▶ DESCRIPTION OF THE TASK: Copy the entries word for word. Keep the pictures out.

─── EXERCISE INPUT ───

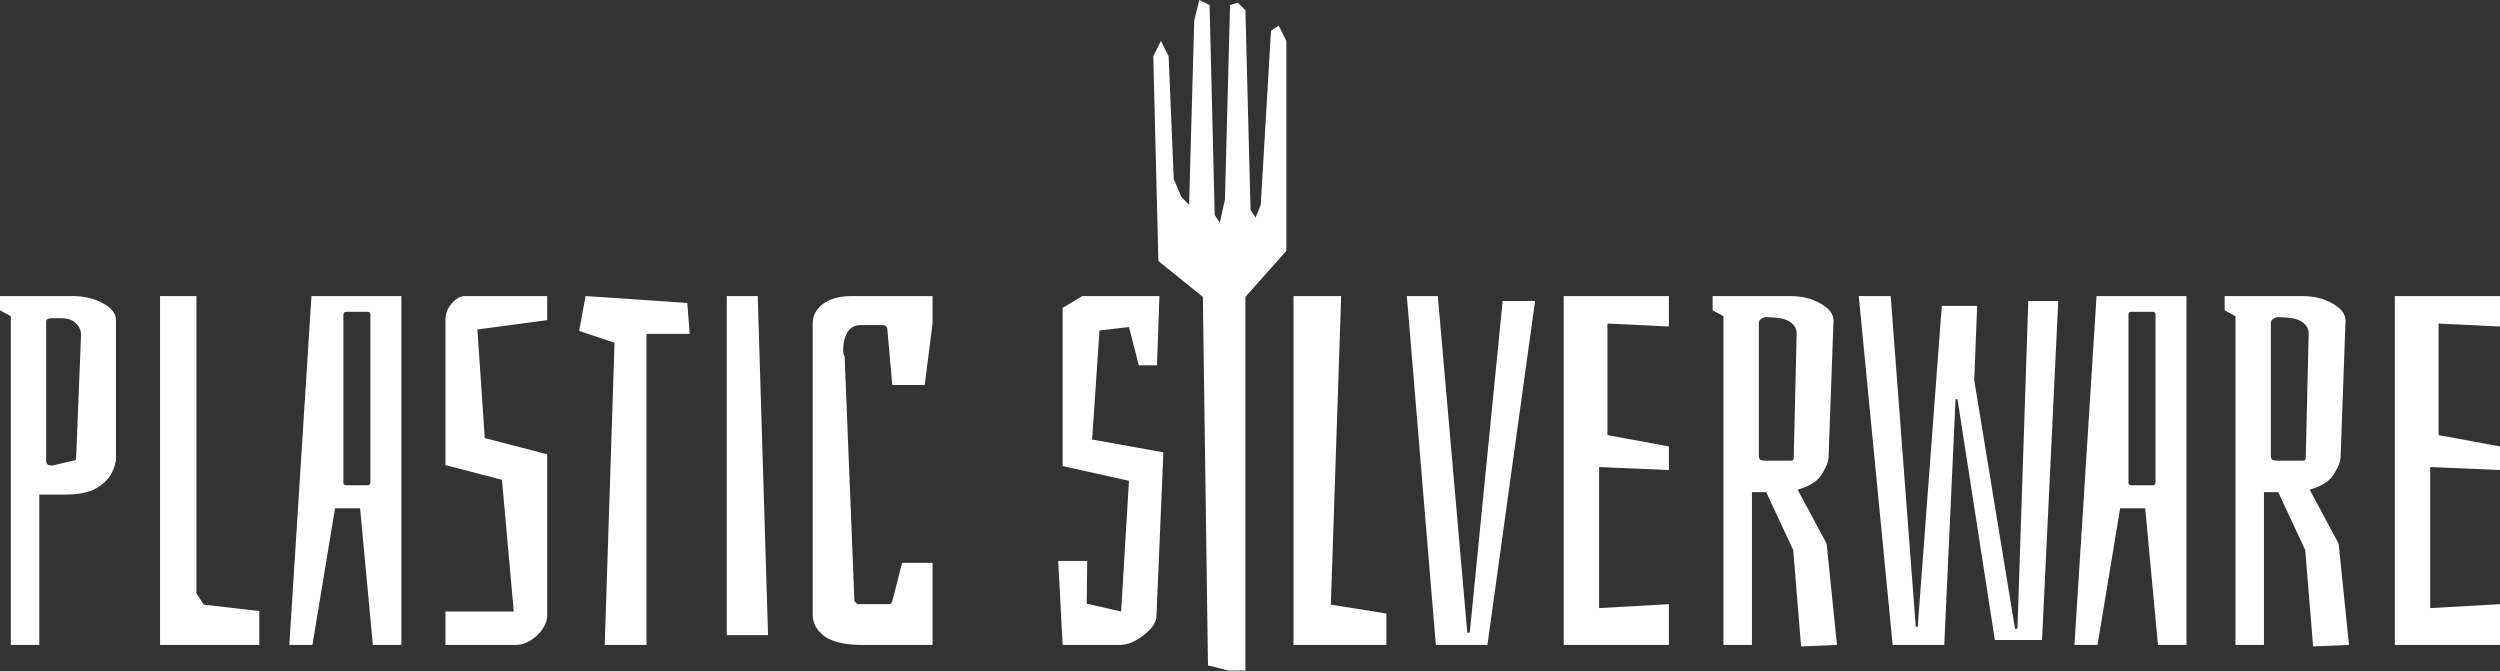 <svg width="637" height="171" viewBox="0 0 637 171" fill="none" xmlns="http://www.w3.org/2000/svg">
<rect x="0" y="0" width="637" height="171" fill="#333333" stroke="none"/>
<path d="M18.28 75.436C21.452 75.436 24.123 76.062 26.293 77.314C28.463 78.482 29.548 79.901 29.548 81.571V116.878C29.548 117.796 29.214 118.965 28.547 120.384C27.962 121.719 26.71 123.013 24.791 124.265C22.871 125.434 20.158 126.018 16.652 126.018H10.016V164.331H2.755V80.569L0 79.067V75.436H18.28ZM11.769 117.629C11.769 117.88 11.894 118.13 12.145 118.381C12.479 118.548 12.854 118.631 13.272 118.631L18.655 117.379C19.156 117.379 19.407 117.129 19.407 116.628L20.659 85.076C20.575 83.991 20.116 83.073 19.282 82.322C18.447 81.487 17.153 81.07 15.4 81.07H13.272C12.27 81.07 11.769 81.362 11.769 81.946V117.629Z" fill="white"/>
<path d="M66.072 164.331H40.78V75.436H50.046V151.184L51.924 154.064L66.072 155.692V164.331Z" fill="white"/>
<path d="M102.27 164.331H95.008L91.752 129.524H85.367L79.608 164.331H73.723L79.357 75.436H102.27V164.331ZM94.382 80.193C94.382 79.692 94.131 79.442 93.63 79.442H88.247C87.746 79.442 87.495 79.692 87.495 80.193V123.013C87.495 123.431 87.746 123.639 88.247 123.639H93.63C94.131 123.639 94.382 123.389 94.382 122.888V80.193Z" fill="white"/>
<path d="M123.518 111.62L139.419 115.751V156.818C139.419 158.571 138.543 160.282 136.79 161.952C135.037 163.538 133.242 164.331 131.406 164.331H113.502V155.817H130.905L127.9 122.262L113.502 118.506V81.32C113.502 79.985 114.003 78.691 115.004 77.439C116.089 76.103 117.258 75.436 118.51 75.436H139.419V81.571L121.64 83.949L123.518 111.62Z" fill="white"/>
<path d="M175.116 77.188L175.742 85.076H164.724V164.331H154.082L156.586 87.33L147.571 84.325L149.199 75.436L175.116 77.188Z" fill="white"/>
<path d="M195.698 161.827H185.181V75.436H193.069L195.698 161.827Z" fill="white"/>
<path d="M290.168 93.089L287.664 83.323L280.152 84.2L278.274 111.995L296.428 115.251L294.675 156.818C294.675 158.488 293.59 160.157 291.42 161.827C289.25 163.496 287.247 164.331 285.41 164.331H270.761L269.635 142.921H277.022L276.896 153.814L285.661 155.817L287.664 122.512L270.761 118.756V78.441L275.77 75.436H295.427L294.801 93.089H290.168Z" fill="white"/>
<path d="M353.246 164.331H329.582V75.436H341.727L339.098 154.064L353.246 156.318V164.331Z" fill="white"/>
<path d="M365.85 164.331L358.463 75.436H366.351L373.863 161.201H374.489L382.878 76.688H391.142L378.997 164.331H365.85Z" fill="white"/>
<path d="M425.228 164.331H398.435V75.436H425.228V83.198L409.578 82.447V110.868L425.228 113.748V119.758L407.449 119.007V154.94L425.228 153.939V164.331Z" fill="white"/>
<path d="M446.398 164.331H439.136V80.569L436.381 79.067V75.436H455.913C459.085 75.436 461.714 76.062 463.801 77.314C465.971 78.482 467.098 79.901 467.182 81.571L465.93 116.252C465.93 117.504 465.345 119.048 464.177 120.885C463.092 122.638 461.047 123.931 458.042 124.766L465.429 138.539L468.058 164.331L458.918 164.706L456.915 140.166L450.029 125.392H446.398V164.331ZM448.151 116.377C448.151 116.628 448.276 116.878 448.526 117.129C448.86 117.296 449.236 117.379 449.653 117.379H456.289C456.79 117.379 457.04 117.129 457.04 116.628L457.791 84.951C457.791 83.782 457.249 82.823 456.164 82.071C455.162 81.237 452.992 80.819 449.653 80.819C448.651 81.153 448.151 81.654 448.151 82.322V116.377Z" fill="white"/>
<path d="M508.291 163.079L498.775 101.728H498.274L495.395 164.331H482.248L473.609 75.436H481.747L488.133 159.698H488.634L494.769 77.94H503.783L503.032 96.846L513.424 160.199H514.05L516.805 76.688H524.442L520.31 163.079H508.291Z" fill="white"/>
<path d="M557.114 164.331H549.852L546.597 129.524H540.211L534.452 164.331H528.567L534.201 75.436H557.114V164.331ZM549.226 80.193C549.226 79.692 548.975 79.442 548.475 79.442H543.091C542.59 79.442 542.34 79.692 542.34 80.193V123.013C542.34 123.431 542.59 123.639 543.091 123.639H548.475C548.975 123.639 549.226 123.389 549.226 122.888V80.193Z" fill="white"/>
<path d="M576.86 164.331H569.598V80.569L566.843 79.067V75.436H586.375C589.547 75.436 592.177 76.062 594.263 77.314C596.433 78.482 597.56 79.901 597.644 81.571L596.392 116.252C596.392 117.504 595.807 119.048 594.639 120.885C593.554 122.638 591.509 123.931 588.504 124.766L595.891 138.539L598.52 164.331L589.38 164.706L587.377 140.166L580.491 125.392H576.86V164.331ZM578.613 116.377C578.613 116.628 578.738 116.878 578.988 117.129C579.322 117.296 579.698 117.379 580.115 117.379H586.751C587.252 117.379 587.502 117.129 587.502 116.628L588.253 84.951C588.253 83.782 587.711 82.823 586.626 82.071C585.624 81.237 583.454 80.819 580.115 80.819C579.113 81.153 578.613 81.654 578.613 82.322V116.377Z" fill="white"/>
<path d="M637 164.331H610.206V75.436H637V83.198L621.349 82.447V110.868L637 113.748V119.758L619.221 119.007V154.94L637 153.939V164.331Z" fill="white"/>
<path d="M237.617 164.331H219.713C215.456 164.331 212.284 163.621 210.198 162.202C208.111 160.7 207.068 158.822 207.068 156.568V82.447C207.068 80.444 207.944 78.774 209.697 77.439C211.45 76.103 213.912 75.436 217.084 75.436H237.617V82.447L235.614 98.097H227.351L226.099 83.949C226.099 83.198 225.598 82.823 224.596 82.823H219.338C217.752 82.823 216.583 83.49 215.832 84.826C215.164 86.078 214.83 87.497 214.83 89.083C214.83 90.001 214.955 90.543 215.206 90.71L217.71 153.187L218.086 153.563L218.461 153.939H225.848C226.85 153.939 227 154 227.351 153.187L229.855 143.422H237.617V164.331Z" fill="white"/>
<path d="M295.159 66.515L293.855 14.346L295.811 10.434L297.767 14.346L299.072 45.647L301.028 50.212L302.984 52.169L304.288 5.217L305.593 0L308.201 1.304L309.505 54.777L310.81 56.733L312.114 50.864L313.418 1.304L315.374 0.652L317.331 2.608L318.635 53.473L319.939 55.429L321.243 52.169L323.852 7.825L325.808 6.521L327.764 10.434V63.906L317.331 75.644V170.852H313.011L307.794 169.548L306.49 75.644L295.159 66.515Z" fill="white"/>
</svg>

───

▶ ANSWER TO THE PROBLEM:
 <svg width="637" height="171" viewBox="0 0 637 171" fill="none" xmlns="http://www.w3.org/2000/svg">
<rect x="0" y="0" width="637" height="171" fill="#333333" stroke="none"/>
<path d="M18.28 75.436C21.452 75.436 24.123 76.062 26.293 77.314C28.463 78.482 29.548 79.901 29.548 81.571V116.878C29.548 117.796 29.214 118.965 28.547 120.384C27.962 121.719 26.71 123.013 24.791 124.265C22.871 125.434 20.158 126.018 16.652 126.018H10.016V164.331H2.755V80.569L0 79.067V75.436H18.28ZM11.769 117.629C11.769 117.88 11.894 118.13 12.145 118.381C12.479 118.548 12.854 118.631 13.272 118.631L18.655 117.379C19.156 117.379 19.407 117.129 19.407 116.628L20.659 85.076C20.575 83.991 20.116 83.073 19.282 82.322C18.447 81.487 17.153 81.07 15.4 81.07H13.272C12.27 81.07 11.769 81.362 11.769 81.946V117.629Z" fill="white"/>
<path d="M66.072 164.331H40.78V75.436H50.046V151.184L51.924 154.064L66.072 155.692V164.331Z" fill="white"/>
<path d="M102.27 164.331H95.008L91.752 129.524H85.367L79.608 164.331H73.723L79.357 75.436H102.27V164.331ZM94.382 80.193C94.382 79.692 94.131 79.442 93.63 79.442H88.247C87.746 79.442 87.495 79.692 87.495 80.193V123.013C87.495 123.431 87.746 123.639 88.247 123.639H93.63C94.131 123.639 94.382 123.389 94.382 122.888V80.193Z" fill="white"/>
<path d="M123.518 111.62L139.419 115.751V156.818C139.419 158.571 138.543 160.282 136.79 161.952C135.037 163.538 133.242 164.331 131.406 164.331H113.502V155.817H130.905L127.9 122.262L113.502 118.506V81.32C113.502 79.985 114.003 78.691 115.004 77.439C116.089 76.103 117.258 75.436 118.51 75.436H139.419V81.571L121.64 83.949L123.518 111.62Z" fill="white"/>
<path d="M175.116 77.188L175.742 85.076H164.724V164.331H154.082L156.586 87.33L147.571 84.325L149.199 75.436L175.116 77.188Z" fill="white"/>
<path d="M195.698 161.827H185.181V75.436H193.069L195.698 161.827Z" fill="white"/>
<path d="M290.168 93.089L287.664 83.323L280.152 84.2L278.274 111.995L296.428 115.251L294.675 156.818C294.675 158.488 293.59 160.157 291.42 161.827C289.25 163.496 287.247 164.331 285.41 164.331H270.761L269.635 142.921H277.022L276.896 153.814L285.661 155.817L287.664 122.512L270.761 118.756V78.441L275.77 75.436H295.427L294.801 93.089H290.168Z" fill="white"/>
<path d="M353.246 164.331H329.582V75.436H341.727L339.098 154.064L353.246 156.318V164.331Z" fill="white"/>
<path d="M365.85 164.331L358.463 75.436H366.351L373.863 161.201H374.489L382.878 76.688H391.142L378.997 164.331H365.85Z" fill="white"/>
<path d="M425.228 164.331H398.435V75.436H425.228V83.198L409.578 82.447V110.868L425.228 113.748V119.758L407.449 119.007V154.94L425.228 153.939V164.331Z" fill="white"/>
<path d="M446.398 164.331H439.136V80.569L436.381 79.067V75.436H455.913C459.085 75.436 461.714 76.062 463.801 77.314C465.971 78.482 467.098 79.901 467.182 81.571L465.93 116.252C465.93 117.504 465.345 119.048 464.177 120.885C463.092 122.638 461.047 123.931 458.042 124.766L465.429 138.539L468.058 164.331L458.918 164.706L456.915 140.166L450.029 125.392H446.398V164.331ZM448.151 116.377C448.151 116.628 448.276 116.878 448.526 117.129C448.86 117.296 449.236 117.379 449.653 117.379H456.289C456.79 117.379 457.04 117.129 457.04 116.628L457.791 84.951C457.791 83.782 457.249 82.823 456.164 82.071C455.162 81.237 452.992 80.819 449.653 80.819C448.651 81.153 448.151 81.654 448.151 82.322V116.377Z" fill="white"/>
<path d="M508.291 163.079L498.775 101.728H498.274L495.395 164.331H482.248L473.609 75.436H481.747L488.133 159.698H488.634L494.769 77.94H503.783L503.032 96.846L513.424 160.199H514.05L516.805 76.688H524.442L520.31 163.079H508.291Z" fill="white"/>
<path d="M557.114 164.331H549.852L546.597 129.524H540.211L534.452 164.331H528.567L534.201 75.436H557.114V164.331ZM549.226 80.193C549.226 79.692 548.975 79.442 548.475 79.442H543.091C542.59 79.442 542.34 79.692 542.34 80.193V123.013C542.34 123.431 542.59 123.639 543.091 123.639H548.475C548.975 123.639 549.226 123.389 549.226 122.888V80.193Z" fill="white"/>
<path d="M576.86 164.331H569.598V80.569L566.843 79.067V75.436H586.375C589.547 75.436 592.177 76.062 594.263 77.314C596.433 78.482 597.56 79.901 597.644 81.571L596.392 116.252C596.392 117.504 595.807 119.048 594.639 120.885C593.554 122.638 591.509 123.931 588.504 124.766L595.891 138.539L598.52 164.331L589.38 164.706L587.377 140.166L580.491 125.392H576.86V164.331ZM578.613 116.377C578.613 116.628 578.738 116.878 578.988 117.129C579.322 117.296 579.698 117.379 580.115 117.379H586.751C587.252 117.379 587.502 117.129 587.502 116.628L588.253 84.951C588.253 83.782 587.711 82.823 586.626 82.071C585.624 81.237 583.454 80.819 580.115 80.819C579.113 81.153 578.613 81.654 578.613 82.322V116.377Z" fill="white"/>
<path d="M637 164.331H610.206V75.436H637V83.198L621.349 82.447V110.868L637 113.748V119.758L619.221 119.007V154.94L637 153.939V164.331Z" fill="white"/>
<path d="M237.617 164.331H219.713C215.456 164.331 212.284 163.621 210.198 162.202C208.111 160.7 207.068 158.822 207.068 156.568V82.447C207.068 80.444 207.944 78.774 209.697 77.439C211.45 76.103 213.912 75.436 217.084 75.436H237.617V82.447L235.614 98.097H227.351L226.099 83.949C226.099 83.198 225.598 82.823 224.596 82.823H219.338C217.752 82.823 216.583 83.49 215.832 84.826C215.164 86.078 214.83 87.497 214.83 89.083C214.83 90.001 214.955 90.543 215.206 90.71L217.71 153.187L218.086 153.563L218.461 153.939H225.848C226.85 153.939 227 154 227.351 153.187L229.855 143.422H237.617V164.331Z" fill="white"/>
<path d="M295.159 66.515L293.855 14.346L295.811 10.434L297.767 14.346L299.072 45.647L301.028 50.212L302.984 52.169L304.288 5.217L305.593 0L308.201 1.304L309.505 54.777L310.81 56.733L312.114 50.864L313.418 1.304L315.374 0.652L317.331 2.608L318.635 53.473L319.939 55.429L321.243 52.169L323.852 7.825L325.808 6.521L327.764 10.434V63.906L317.331 75.644V170.852H313.011L307.794 169.548L306.49 75.644L295.159 66.515Z" fill="white"/>
</svg>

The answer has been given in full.